> **EXERCISE DETAILS**: Could you retype the entries below exactly, omitting every picture?

> **Data items**:
»»

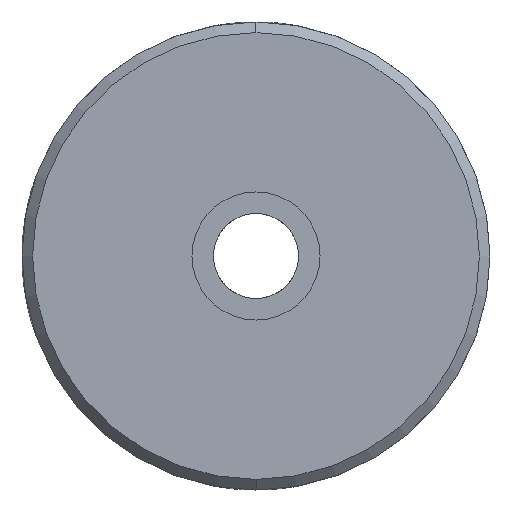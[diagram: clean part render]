
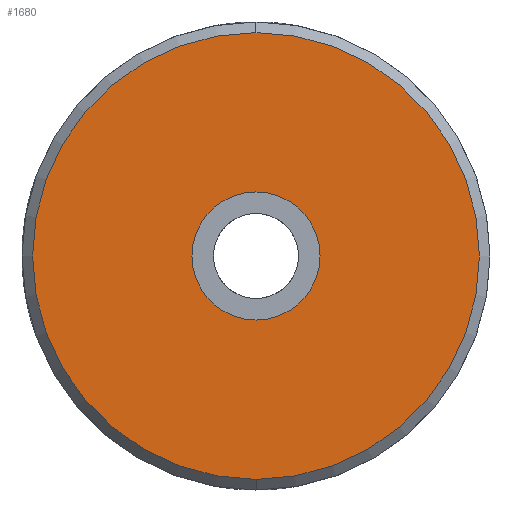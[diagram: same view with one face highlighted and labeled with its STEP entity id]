
A CAD part, left-side view. The second image highlights one B-rep face of the part: STEP entity #1680.
In plain terms, the highlighted planar face has unit normal (-1, 0, 0).
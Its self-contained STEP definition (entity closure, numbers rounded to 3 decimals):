
#58 = FACE_BOUND ( 'NONE', #2560, .T. ) ;
#89 = CIRCLE ( 'NONE', #789, 5.25 ) ;
#132 = CARTESIAN_POINT ( 'NONE',  ( 0.2, 0., 1.505 ) ) ;
#195 = CARTESIAN_POINT ( 'NONE',  ( 0.2, 0., 0. ) ) ;
#324 = AXIS2_PLACEMENT_3D ( 'NONE', #971, #576, #383 ) ;
#356 = CARTESIAN_POINT ( 'NONE',  ( 0.2, 0., -1.505 ) ) ;
#383 = DIRECTION ( 'NONE',  ( 0., 0., -1. ) ) ;
#406 = EDGE_CURVE ( 'NONE', #1814, #898, #2295, .T. ) ;
#439 = CARTESIAN_POINT ( 'NONE',  ( 0.2, 1.505, 0. ) ) ;
#463 = DIRECTION ( 'NONE',  ( 0., 0., -1. ) ) ;
#484 = CARTESIAN_POINT ( 'NONE',  ( 0.2, 0., -5.25 ) ) ;
#519 = ORIENTED_EDGE ( 'NONE', *, *, #797, .T. ) ;
#576 = DIRECTION ( 'NONE',  ( 1., 0., 0. ) ) ;
#608 = DIRECTION ( 'NONE',  ( 1., 0., 0. ) ) ;
#622 = VERTEX_POINT ( 'NONE', #2132 ) ;
#686 = EDGE_LOOP ( 'NONE', ( #1734, #1393 ) ) ;
#789 = AXIS2_PLACEMENT_3D ( 'NONE', #195, #608, #463 ) ;
#797 = EDGE_CURVE ( 'NONE', #898, #1814, #1649, .T. ) ;
#854 = PLANE ( 'NONE',  #1023 ) ;
#898 = VERTEX_POINT ( 'NONE', #132 ) ;
#927 = EDGE_CURVE ( 'NONE', #622, #1526, #2433, .T. ) ;
#931 = DIRECTION ( 'NONE',  ( 1., 0., 0. ) ) ;
#971 = CARTESIAN_POINT ( 'NONE',  ( 0.2, 0., 0. ) ) ;
#1012 = FACE_OUTER_BOUND ( 'NONE', #686, .T. ) ;
#1023 = AXIS2_PLACEMENT_3D ( 'NONE', #439, #1066, #1860 ) ;
#1066 = DIRECTION ( 'NONE',  ( -1., 0., 0. ) ) ;
#1102 = DIRECTION ( 'NONE',  ( 1., 0., 0. ) ) ;
#1184 = ORIENTED_EDGE ( 'NONE', *, *, #406, .T. ) ;
#1213 = EDGE_CURVE ( 'NONE', #1526, #622, #89, .T. ) ;
#1232 = AXIS2_PLACEMENT_3D ( 'NONE', #2100, #931, #2282 ) ;
#1393 = ORIENTED_EDGE ( 'NONE', *, *, #927, .F. ) ;
#1462 = CARTESIAN_POINT ( 'NONE',  ( 0.2, 0., 0. ) ) ;
#1526 = VERTEX_POINT ( 'NONE', #484 ) ;
#1649 = CIRCLE ( 'NONE', #324, 1.505 ) ;
#1680 = ADVANCED_FACE ( 'NONE', ( #58, #1012 ), #854, .T. ) ;
#1734 = ORIENTED_EDGE ( 'NONE', *, *, #1213, .F. ) ;
#1814 = VERTEX_POINT ( 'NONE', #356 ) ;
#1832 = AXIS2_PLACEMENT_3D ( 'NONE', #1462, #1102, #1901 ) ;
#1860 = DIRECTION ( 'NONE',  ( 0., 0., 1. ) ) ;
#1901 = DIRECTION ( 'NONE',  ( 0., 0., -1. ) ) ;
#2100 = CARTESIAN_POINT ( 'NONE',  ( 0.2, 0., 0. ) ) ;
#2132 = CARTESIAN_POINT ( 'NONE',  ( 0.2, 0., 5.25 ) ) ;
#2282 = DIRECTION ( 'NONE',  ( 0., 0., -1. ) ) ;
#2295 = CIRCLE ( 'NONE', #1832, 1.505 ) ;
#2433 = CIRCLE ( 'NONE', #1232, 5.25 ) ;
#2560 = EDGE_LOOP ( 'NONE', ( #1184, #519 ) ) ;

««

> **WORKED SOLUTION**:
[diagram: clean part render]
[diagram: same view with one face highlighted and labeled with its STEP entity id]
A CAD part, left-side view. The second image highlights one B-rep face of the part: STEP entity #1680.
In plain terms, the highlighted planar face has unit normal (-1, 0, 0).
Its self-contained STEP definition (entity closure, numbers rounded to 3 decimals):
#58 = FACE_BOUND ( 'NONE', #2560, .T. ) ;
#89 = CIRCLE ( 'NONE', #789, 5.25 ) ;
#132 = CARTESIAN_POINT ( 'NONE',  ( 0.2, 0., 1.505 ) ) ;
#195 = CARTESIAN_POINT ( 'NONE',  ( 0.2, 0., 0. ) ) ;
#324 = AXIS2_PLACEMENT_3D ( 'NONE', #971, #576, #383 ) ;
#356 = CARTESIAN_POINT ( 'NONE',  ( 0.2, 0., -1.505 ) ) ;
#383 = DIRECTION ( 'NONE',  ( 0., 0., -1. ) ) ;
#406 = EDGE_CURVE ( 'NONE', #1814, #898, #2295, .T. ) ;
#439 = CARTESIAN_POINT ( 'NONE',  ( 0.2, 1.505, 0. ) ) ;
#463 = DIRECTION ( 'NONE',  ( 0., 0., -1. ) ) ;
#484 = CARTESIAN_POINT ( 'NONE',  ( 0.2, 0., -5.25 ) ) ;
#519 = ORIENTED_EDGE ( 'NONE', *, *, #797, .T. ) ;
#576 = DIRECTION ( 'NONE',  ( 1., 0., 0. ) ) ;
#608 = DIRECTION ( 'NONE',  ( 1., 0., 0. ) ) ;
#622 = VERTEX_POINT ( 'NONE', #2132 ) ;
#686 = EDGE_LOOP ( 'NONE', ( #1734, #1393 ) ) ;
#789 = AXIS2_PLACEMENT_3D ( 'NONE', #195, #608, #463 ) ;
#797 = EDGE_CURVE ( 'NONE', #898, #1814, #1649, .T. ) ;
#854 = PLANE ( 'NONE',  #1023 ) ;
#898 = VERTEX_POINT ( 'NONE', #132 ) ;
#927 = EDGE_CURVE ( 'NONE', #622, #1526, #2433, .T. ) ;
#931 = DIRECTION ( 'NONE',  ( 1., 0., 0. ) ) ;
#971 = CARTESIAN_POINT ( 'NONE',  ( 0.2, 0., 0. ) ) ;
#1012 = FACE_OUTER_BOUND ( 'NONE', #686, .T. ) ;
#1023 = AXIS2_PLACEMENT_3D ( 'NONE', #439, #1066, #1860 ) ;
#1066 = DIRECTION ( 'NONE',  ( -1., 0., 0. ) ) ;
#1102 = DIRECTION ( 'NONE',  ( 1., 0., 0. ) ) ;
#1184 = ORIENTED_EDGE ( 'NONE', *, *, #406, .T. ) ;
#1213 = EDGE_CURVE ( 'NONE', #1526, #622, #89, .T. ) ;
#1232 = AXIS2_PLACEMENT_3D ( 'NONE', #2100, #931, #2282 ) ;
#1393 = ORIENTED_EDGE ( 'NONE', *, *, #927, .F. ) ;
#1462 = CARTESIAN_POINT ( 'NONE',  ( 0.2, 0., 0. ) ) ;
#1526 = VERTEX_POINT ( 'NONE', #484 ) ;
#1649 = CIRCLE ( 'NONE', #324, 1.505 ) ;
#1680 = ADVANCED_FACE ( 'NONE', ( #58, #1012 ), #854, .T. ) ;
#1734 = ORIENTED_EDGE ( 'NONE', *, *, #1213, .F. ) ;
#1814 = VERTEX_POINT ( 'NONE', #356 ) ;
#1832 = AXIS2_PLACEMENT_3D ( 'NONE', #1462, #1102, #1901 ) ;
#1860 = DIRECTION ( 'NONE',  ( 0., 0., 1. ) ) ;
#1901 = DIRECTION ( 'NONE',  ( 0., 0., -1. ) ) ;
#2100 = CARTESIAN_POINT ( 'NONE',  ( 0.2, 0., 0. ) ) ;
#2132 = CARTESIAN_POINT ( 'NONE',  ( 0.2, 0., 5.25 ) ) ;
#2282 = DIRECTION ( 'NONE',  ( 0., 0., -1. ) ) ;
#2295 = CIRCLE ( 'NONE', #1832, 1.505 ) ;
#2433 = CIRCLE ( 'NONE', #1232, 5.25 ) ;
#2560 = EDGE_LOOP ( 'NONE', ( #1184, #519 ) ) ;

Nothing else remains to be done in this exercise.